ColumnTransformer is particularly handy for the case of datasets that contain heterogeneous data types, since we may want to scale the numeric features and one-hot encode the categorical ones.

In [None]:
from sklearn.preprocessing import StandardScaler, OneHotEncoder
from sklearn.compose import ColumnTransformer

In [None]:
df.info()

In [None]:
df['FastingBS'].value_counts()

In [None]:
col_numeric = ['Age','RestingBP','Cholesterol','MaxHR','Oldpeak']
col_categoric = ['Sex','ChestPainType','FastingBS','RestingECG','ExerciseAngina','ST_Slope']

In [None]:
scaler = StandardScaler()
encoder = OneHotEncoder(drop='first')

In [None]:
preprocessor = ColumnTransformer([
    ('num',scaler,col_numeric),
    ('cat',encoder,col_categoric)
])

# Logistic Regression Model

**Create a base model of Logistic Regression**

In [None]:
from sklearn.linear_model import LogisticRegression

In [None]:
base_model = LogisticRegression(max_iter=1000)

**Create a Pipeline**

In [None]:
from sklearn.pipeline import Pipeline

In [None]:
pipe = Pipeline([('preprocessor',preprocessor),('base_model',base_model)])

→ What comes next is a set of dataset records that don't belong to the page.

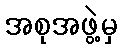
အစုအဖွဲ့မှ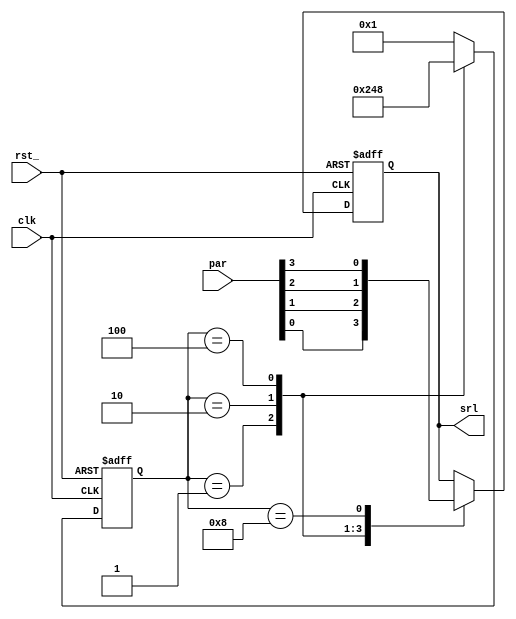
// 
// dong dy
// email dyk1203@126.com

module par2srl(	input[3:0] par,
				output srl,
				input clk,
				input rst_
				);


parameter bit0 = 4'b0001;
parameter bit1 = 4'b0010; 
parameter bit2 = 4'b0100;
parameter bit3 = 4'b1000;

reg[3:0] bitstate;
reg srl_reg;

always@(posedge clk or negedge rst_) begin
	if(!rst_) begin
		bitstate <= bit0;
		srl_reg <= 0;
	end
	else begin
		case(bitstate)
		bit0:	begin
			srl_reg <= par[0];
			bitstate <= bit1;
			end
		bit1:	begin
			srl_reg <= par[1];
			bitstate <= bit2;
			end
		bit2: 	begin
			srl_reg <= par[2];
			bitstate <= bit3;
			end
		bit3:	begin
			srl_reg <= par[3];
			bitstate <= bit0;
			end
		default:	
			bitstate <= bit0;
		endcase
	end

end
assign srl = srl_reg;

endmodule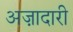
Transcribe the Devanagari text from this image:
अज़ादारी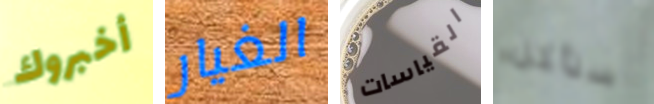
أخبروك الغيار القياسات سنأكل

Perform a grid-search with the pipeline to test various parameters and report back the best performing parameters.

In [None]:
from sklearn.model_selection import GridSearchCV

In [None]:
parameters = ({'base_model__C': [0.001,0.01,0.1,1,10],
               'base_model__penalty': ['l1','l2','elasticnet'],
               'base_model__solver': ['newton-cg', 'lbfgs', 'liblinear', 'sag', 'saga']
              })

In [None]:
grid = GridSearchCV(estimator=pipe,param_grid=parameters,scoring='accuracy',cv=5)

In [None]:
grid.fit(X_train,y_train)

Find the best estimator and best parameters

In [None]:
grid.best_estimator_

In [None]:
grid.best_estimator_.get_params()

# Cross Validation Results

In [None]:
cv_results = pd.DataFrame(grid.cv_results_)

In [None]:
cv_results.info()

**Result: C Values**

In [None]:
cv_c = cv_results.groupby('param_base_model__C').agg('mean')['mean_test_score']
cv_c

**Result : Penalty**

In [None]:
cv_penalty = cv_results.groupby('param_base_model__penalty').agg('mean')['mean_test_score']
cv_penalty

**Result: Solver**

In [None]:
cv_solver = cv_results.groupby('param_base_model__solver').agg('mean')['mean_test_score']
cv_solver

# Final Model Evaluation

In [None]:
y_pred = grid.predict(X_test)

In [None]:
from sklearn.metrics import classification_report,confusion_matrix,plot_confusion_matrix

In [None]:
confusion_matrix(y_test,y_pred)

In [None]:
print(classification_report(y_test,y_pred))

In [None]:
plot_confusion_matrix(grid,X_test,y_test)

In [None]:
from sklearn.metrics import accuracy_score,f1_score

In [None]:
accuracy_score(y_test,y_pred)

In [None]:
f1_score(y_test,y_pred)

# CONCLUSION

1. The best parameters of Logistic Regression in this model are combination of C = 1, penalty = 'l2', and solver = 'newton-cg'.
1. The model performs quite well in predicting the unseen data (X_test), with accuracy of 84.78% and f1 score of 86.79%.